Молодая жена герцога Мекленбургского Екатерина Ивановна по меркам того времени, когда замуж нередко выходили в 14–15 лет, засиделась в девках: ей шел уже 25-й годок. Жених, которому было тогда 38 лет, собственно говоря, ждал другую невесту – он рассчитывал получить в жены более молодую Ивановну – вдовствующую курляндскую герцогиню Анну, потерявшую мужа почти сразу же после свадьбы. Но у царя Петра на сей счет было иное мнение, и он в раздражении даже пригрозил Сибирью мекленбургскому посланнику Габихсталю, который, согласно воле своего господина, настаивал на том, чтобы за герцога была выдана именно Анна. Мекленбуржцам пришлось скрепя сердце согласиться на кандидатуру Екатерины Ивановны.

Жизнь ее до брака была вполне счастливой. В отличие от сестер и многих других москвичей, тосковавших на болотистых, неприветливых берегах Невы по обжитой, "нагретой" Москве, Екатерина Ивановна быстро приспособилась к стилю жизни молодого, продуваемого всеми ветрами города. Этому благоприятствовал характер царевны — девушки жизнерадостной и веселой даже до неумеренности. Вообще же создается впечатление, что русская женщина XVII века как будто только и ждала Петровских реформ, чтобы вырваться на свободу. Этот порыв был столь стремителен, что авторы опубликованного в 1717 году «Юности честного зерцала» — кодекса поведения молодежи — были вынуждены предупреждать девиц, чтобы они, несмотря на открывшиеся перед ними возможности светского обхождения, соблюдали скромность и целомудрие, не носились бы по горницам, не садились к молодцам на колени, не напивались бы допьяна, не скакали бы, «разиня пазухи», по столам и скамьям и не давали бы себя тискать, «как стерву», по всем углам.

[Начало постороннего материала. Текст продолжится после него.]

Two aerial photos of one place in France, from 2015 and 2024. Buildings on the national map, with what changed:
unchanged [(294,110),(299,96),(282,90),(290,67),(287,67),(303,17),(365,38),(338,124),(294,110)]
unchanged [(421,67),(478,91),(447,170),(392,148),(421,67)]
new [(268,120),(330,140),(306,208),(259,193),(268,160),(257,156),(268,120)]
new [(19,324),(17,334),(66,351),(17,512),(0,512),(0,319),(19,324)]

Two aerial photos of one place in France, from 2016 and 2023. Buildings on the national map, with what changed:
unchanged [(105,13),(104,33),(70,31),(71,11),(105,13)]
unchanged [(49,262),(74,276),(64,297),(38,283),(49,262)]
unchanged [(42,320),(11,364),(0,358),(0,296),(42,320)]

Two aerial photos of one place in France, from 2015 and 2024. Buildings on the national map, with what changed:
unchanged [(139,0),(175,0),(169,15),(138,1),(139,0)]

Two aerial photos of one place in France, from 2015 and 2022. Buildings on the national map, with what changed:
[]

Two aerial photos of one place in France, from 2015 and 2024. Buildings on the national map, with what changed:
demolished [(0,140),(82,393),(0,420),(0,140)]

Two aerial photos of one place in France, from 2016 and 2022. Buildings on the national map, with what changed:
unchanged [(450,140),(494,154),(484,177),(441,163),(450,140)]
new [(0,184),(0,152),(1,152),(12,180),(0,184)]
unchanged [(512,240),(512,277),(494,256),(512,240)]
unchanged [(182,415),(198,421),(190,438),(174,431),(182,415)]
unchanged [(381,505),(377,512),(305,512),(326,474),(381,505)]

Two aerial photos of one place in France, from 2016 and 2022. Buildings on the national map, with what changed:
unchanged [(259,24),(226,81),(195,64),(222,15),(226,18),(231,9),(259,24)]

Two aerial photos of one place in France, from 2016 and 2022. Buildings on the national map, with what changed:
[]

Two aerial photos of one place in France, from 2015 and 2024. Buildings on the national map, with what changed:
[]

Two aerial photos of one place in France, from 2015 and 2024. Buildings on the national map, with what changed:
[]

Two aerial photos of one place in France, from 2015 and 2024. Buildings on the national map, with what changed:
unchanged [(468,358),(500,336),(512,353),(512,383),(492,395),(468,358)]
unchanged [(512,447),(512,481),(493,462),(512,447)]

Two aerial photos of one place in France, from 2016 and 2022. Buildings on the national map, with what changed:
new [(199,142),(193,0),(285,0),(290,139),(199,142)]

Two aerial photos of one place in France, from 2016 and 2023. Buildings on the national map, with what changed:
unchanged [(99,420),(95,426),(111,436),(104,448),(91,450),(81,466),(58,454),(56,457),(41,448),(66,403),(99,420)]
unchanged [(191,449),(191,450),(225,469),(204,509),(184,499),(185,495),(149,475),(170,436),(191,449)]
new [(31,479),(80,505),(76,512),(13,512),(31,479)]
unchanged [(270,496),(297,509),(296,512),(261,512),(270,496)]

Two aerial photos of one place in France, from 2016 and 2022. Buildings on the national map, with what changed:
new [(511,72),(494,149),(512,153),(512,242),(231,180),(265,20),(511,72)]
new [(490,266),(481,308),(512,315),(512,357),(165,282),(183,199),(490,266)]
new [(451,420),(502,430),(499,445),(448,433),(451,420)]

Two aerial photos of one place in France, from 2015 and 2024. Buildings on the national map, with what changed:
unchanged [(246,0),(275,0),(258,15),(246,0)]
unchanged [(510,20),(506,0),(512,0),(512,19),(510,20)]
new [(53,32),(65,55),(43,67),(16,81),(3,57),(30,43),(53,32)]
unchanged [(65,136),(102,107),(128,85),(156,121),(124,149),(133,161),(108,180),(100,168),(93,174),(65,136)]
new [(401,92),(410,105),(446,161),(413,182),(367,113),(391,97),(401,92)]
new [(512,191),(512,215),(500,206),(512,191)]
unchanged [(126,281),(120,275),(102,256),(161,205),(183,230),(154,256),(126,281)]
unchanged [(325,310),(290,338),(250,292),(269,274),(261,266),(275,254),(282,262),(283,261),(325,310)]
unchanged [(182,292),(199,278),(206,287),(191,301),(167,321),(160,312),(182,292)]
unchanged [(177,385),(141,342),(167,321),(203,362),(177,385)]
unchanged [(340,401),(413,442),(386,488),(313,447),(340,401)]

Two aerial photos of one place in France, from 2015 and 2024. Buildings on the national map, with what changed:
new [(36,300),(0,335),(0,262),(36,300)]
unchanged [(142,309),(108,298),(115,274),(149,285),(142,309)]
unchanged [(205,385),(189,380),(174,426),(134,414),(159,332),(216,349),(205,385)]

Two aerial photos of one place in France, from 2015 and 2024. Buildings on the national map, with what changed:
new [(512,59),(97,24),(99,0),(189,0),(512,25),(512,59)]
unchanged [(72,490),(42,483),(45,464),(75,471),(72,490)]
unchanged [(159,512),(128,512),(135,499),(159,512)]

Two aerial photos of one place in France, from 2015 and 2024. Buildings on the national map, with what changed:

Это было написано как будто для Екатерины Ивановны — девицы, которая была, как нынче говорят, без комплексов, — до нас дошли упорные слухи, ходившие в тогдашнем обществе, что ее прелестями пользовался сам грозный дядюшка — государь Петр Алексеевич.

Отправляя племянницу под венец, Петр дал краткую, как военный приказ, инструкцию, как ей надлежит жить за рубежом: «1. Веру и закон, в ней же родилася, сохрани до конца неотменно. 2. Народ свой не забуди, но в любви и почтении имей паче протчих. 3. Мужа люби и почитай яко главу, и слушай его во всем, кроме вышеписанного».

О любви к мужу, конечно, и речи идти не могло: Карл Леопольд этого доброго чувства не вызывал ни у своих подданных, ни у первой жены, Софии Гедвиги, с которой он, кстати, едва успел развестись к моменту женитьбы на Екатерине, да и то благодаря тому, что торопивший дело Петр сам заплатил деньги за развод. Герцог Мекленбургский, по отзывам современников, был человек грубый, неотесанный, деспотичный и капризный, да ко всему прочему страшный скряга, никогда не плативший долги. К своей молодой жене Карл Леопольд относился холодно, отстраненно, подчас оскорбительно, и только присутствие Петра, провожавшего новобрачных до столицы герцогства города Ростока, делало его более вежливым с Екатериной.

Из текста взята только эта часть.